Docker deployment#
This guide provides step-by-step instructions for deploying AMD Inference Microservice (AIM) container that supports different variants of Llama-3.1-8B-Instruct model. Follow these instructions to quickly get started with running an AI model on AMD GPUs. For more detailed information, please refer to development documentation.
Prerequisites#
AMD GPU with ROCm support (e.g., MI300X, MI325X)
Docker installed and configured with GPU support
Access to model repositories (Hugging Face account with appropriate permissions for gated models)
1. Docker deployment#
1.1 Running the container#
docker run \
-e HF_TOKEN=<YOUR_HUGGINGFACE_TOKEN> \
--device=/dev/kfd --device=/dev/dri \
-p 8000:8000 \
amdenterpriseai/aim-meta-llama-llama-3-1-8b-instruct:0.8.5
Where <YOUR_HUGGINGFACE_TOKEN> is your Hugging Face access token (required for gated models)

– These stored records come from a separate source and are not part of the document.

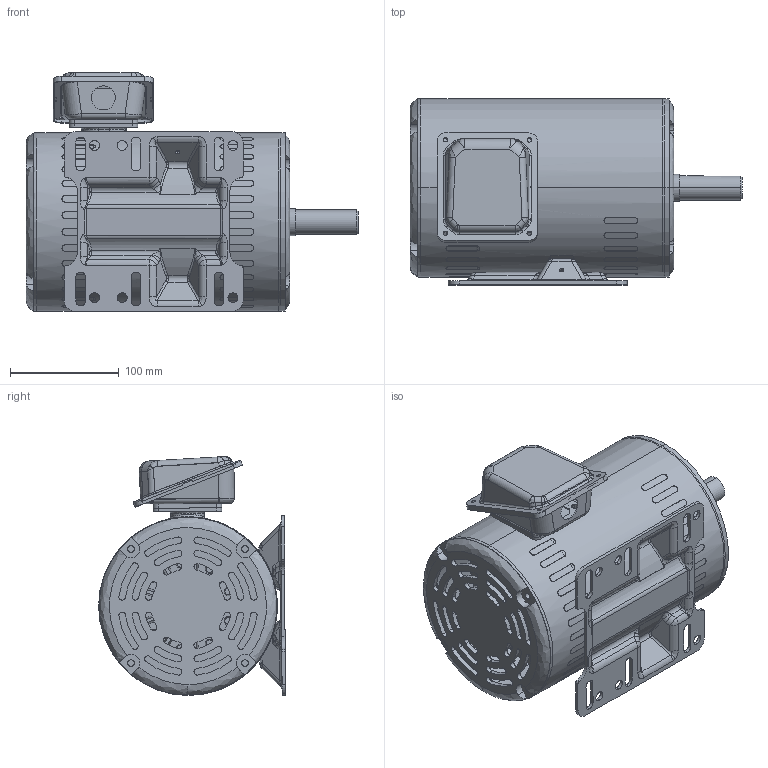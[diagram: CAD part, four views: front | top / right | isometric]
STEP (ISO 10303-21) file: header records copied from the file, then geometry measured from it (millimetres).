
FILE_DESCRIPTION (( 'STEP AP214' ), '1' );
FILE_NAME ('ODP-143(5)T ext 2Eb NEW Coord.STEP', '2020-06-17T20:26:03', ( '' ), ( '' ), 'SwSTEP 2.0', 'SolidWorks 2017', '' );
FILE_SCHEMA (( 'AUTOMOTIVE_DESIGN' ));
Length unit declared in the file: inch
Products named in the file (1): ODP-143(5)T ext 2Eb NEW Coord
Bounding box: 304.65 x 171.38 x 219.23 mm (x, y, z)
Volume: 4225009.9 mm3; surface area: 378265.7 mm2
Topology: 2 solids, 2 shells, 1428 faces, 3711 edges, 2358 vertices
Faces by surface type: cylinder 717, plane 398, bspline 242, cone 71
Entity records: 57223 total; most frequent: CARTESIAN_POINT 23462, ORIENTED_EDGE 7390, DIRECTION 6614, EDGE_CURVE 3695, AXIS2_PLACEMENT_3D 2526, VERTEX_POINT 2358, EDGE_LOOP 1633, LINE 1562
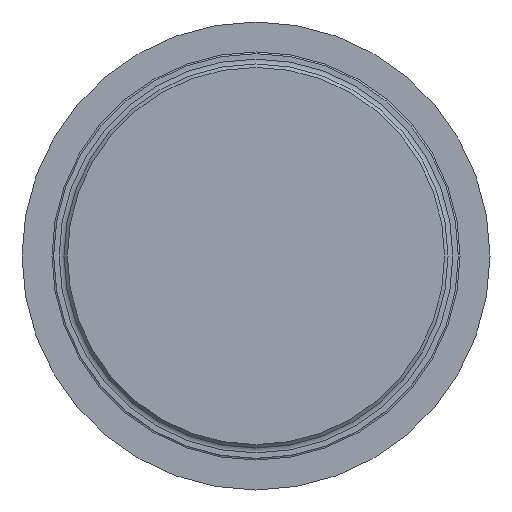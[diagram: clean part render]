
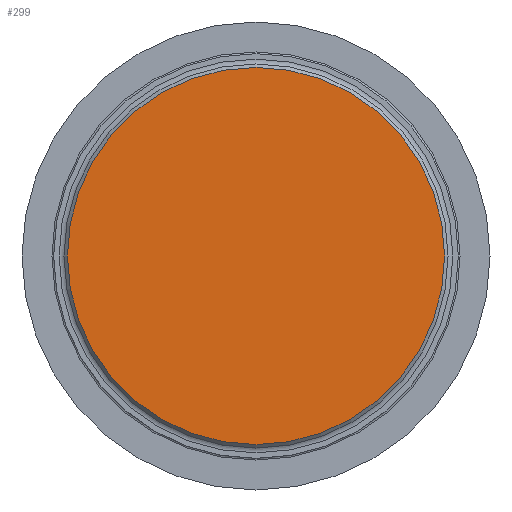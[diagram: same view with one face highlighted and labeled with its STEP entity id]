
A CAD part, left-side view. The second image highlights one B-rep face of the part: STEP entity #299.
In plain terms, the highlighted planar face has unit normal (-1, 0, 0).
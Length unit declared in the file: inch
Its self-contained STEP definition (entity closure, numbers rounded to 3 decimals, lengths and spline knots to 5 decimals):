
#56=FACE_OUTER_BOUND('',#73,.T.);
#73=EDGE_LOOP('',(#279,#280));
#110=CIRCLE('',#369,1.662);
#111=CIRCLE('',#370,1.662);
#144=VERTEX_POINT('',#575);
#145=VERTEX_POINT('',#577);
#188=EDGE_CURVE('',#145,#144,#110,.T.);
#189=EDGE_CURVE('',#144,#145,#111,.T.);
#279=ORIENTED_EDGE('',*,*,#188,.T.);
#280=ORIENTED_EDGE('',*,*,#189,.T.);
#284=PLANE('',#372);
#299=ADVANCED_FACE('',(#56),#284,.T.);
#369=AXIS2_PLACEMENT_3D('',#578,#479,#480);
#370=AXIS2_PLACEMENT_3D('',#579,#481,#482);
#372=AXIS2_PLACEMENT_3D('',#582,#486,#487);
#479=DIRECTION('center_axis',(-1.,0.,0.));
#480=DIRECTION('ref_axis',(0.,0.,1.));
#481=DIRECTION('center_axis',(-1.,0.,0.));
#482=DIRECTION('ref_axis',(0.,0.,1.));
#486=DIRECTION('center_axis',(-1.,0.,0.));
#487=DIRECTION('ref_axis',(0.,0.,1.));
#575=CARTESIAN_POINT('',(0.18217,-1.37163,0.));
#577=CARTESIAN_POINT('',(0.18217,1.95237,0.));
#578=CARTESIAN_POINT('Origin',(0.18217,0.29037,0.));
#579=CARTESIAN_POINT('Origin',(0.18217,0.29037,0.));
#582=CARTESIAN_POINT('Origin',(0.18217,1.64287,0.));
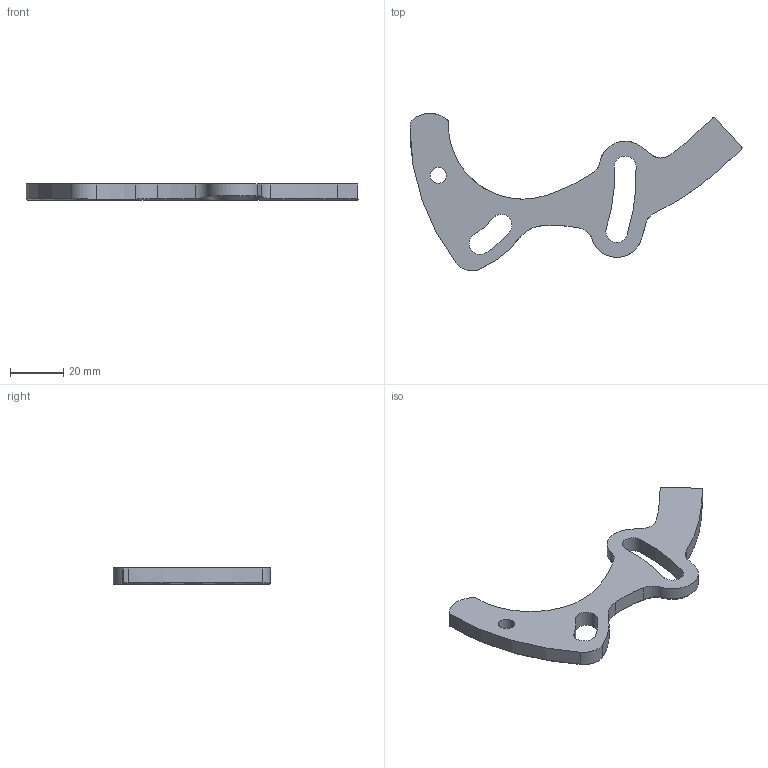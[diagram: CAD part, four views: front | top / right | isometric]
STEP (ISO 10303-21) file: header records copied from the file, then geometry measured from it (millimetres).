
FILE_DESCRIPTION (( 'STEP AP214' ), '1' );
FILE_NAME ('DSX090L.STEP', '2025-08-11T21:18:01', ( '' ), ( '' ), 'SwSTEP 2.0', 'SolidWorks 2023', '' );
FILE_SCHEMA (( 'AUTOMOTIVE_DESIGN' ));
Length unit declared in the file: inch
Products named in the file (1): DSX090L
Bounding box: 124.16 x 58.84 x 5.99 mm (x, y, z)
Volume: 15898.6 mm3; surface area: 8179.2 mm2
Topology: 1 solids, 1 shells, 62 faces, 174 edges, 114 vertices
Faces by surface type: cylinder 36, cone 16, plane 8, bspline 2
Entity records: 2276 total; most frequent: CARTESIAN_POINT 629, ORIENTED_EDGE 348, DIRECTION 343, EDGE_CURVE 174, AXIS2_PLACEMENT_3D 138, VERTEX_POINT 114, CIRCLE 77, EDGE_LOOP 68

1.2 Customizing deployment with environment variables#
Customize your deployment with optional environment variables. In the example below AIM_PORT is set to 8080 instead
of 8000. AIM_METRIC is set to throughput instead of latency. AIM_GPU_COUNT is set to 1 instead of auto,
AIM_PRECISION is set to fp16 instead of auto.
docker run \
-e AIM_PRECISION=fp16 \
-e AIM_GPU_COUNT=1 \
-e AIM_METRIC=throughput \
-e AIM_PORT=8080 \
--device=/dev/kfd --device=/dev/dri \
-p 8080:8080 \
amdenterpriseai/aim-meta-llama-llama-3-1-8b-instruct:0.8.5
Override automatic profile selection by specifying a profile directly. In the example below, AIM_PROFILE_ID is set to
vllm-mi300x-fp8-tp1-latency. All other environment variables’ values are set implicitly according to the specified
profile.
docker run \
-e AIM_PROFILE_ID=vllm-mi300x-fp8-tp1-latency \
--device=/dev/kfd --device=/dev/dri \
-p 8000:8000 \
amdenterpriseai/aim-meta-llama-llama-3-1-8b-instruct:0.8.5
2. Model caching for production#
For production environments, pre-download models to a persistent cache:
2.1 Download model to cache#
# Create persistent cache directory
mkdir -p /path/to/model-cache
# Download model using the download-to-cache command
docker run --rm \
-e HF_TOKEN=<YOUR_HUGGINGFACE_TOKEN> \
-v /path/to/model-cache:/workspace/model-cache \
amdenterpriseai/aim-meta-llama-llama-3-1-8b-instruct:0.8.5 \
download-to-cache --model-id meta-llama/Llama-3.1-8B-Instruct
2.2 Run with pre-cached model#
docker run \
-e HF_TOKEN=<YOUR_HUGGINGFACE_TOKEN> \
-v /path/to/model-cache:/workspace/model-cache \
--device=/dev/kfd --device=/dev/dri \
-p 8000:8000 \
amdenterpriseai/aim-meta-llama-llama-3-1-8b-instruct:0.8.5
3. Monitoring and troubleshooting#
3.1 Getting help on the commands#
A general help command is available as follows:
docker run \
amdenterpriseai/aim-meta-llama-llama-3-1-8b-instruct:0.8.5 \
--help
A help command for specific subcommands is also available:
docker run \
amdenterpriseai/aim-meta-llama-llama-3-1-8b-instruct:0.8.5 \
<subcommand> --help
3.2 Enabling detailed logging#
docker run \
-e AIM_LOG_LEVEL=DEBUG \
-e HF_TOKEN=<YOUR_HUGGINGFACE_TOKEN> \
--device=/dev/kfd --device=/dev/dri \
-p 8000:8000 \
amdenterpriseai/aim-meta-llama-llama-3-1-8b-instruct:0.8.5
3.3 Checking profile selection results#
It is possible to check which profile AIM selects based on the provided environment variables.
docker run \
-e AIM_GPU_COUNT=1 \
-e AIM_PRECISION=fp16 \
-e AIM_GPU_MODEL=MI300X \
-e HF_TOKEN=<YOUR_HUGGINGFACE_TOKEN> \
amdenterpriseai/aim-meta-llama-llama-3-1-8b-instruct:0.8.5 \
dry-run
3.4 List available profiles#
docker run \
amdenterpriseai/aim-meta-llama-llama-3-1-8b-instruct:0.8.5 \
list-profiles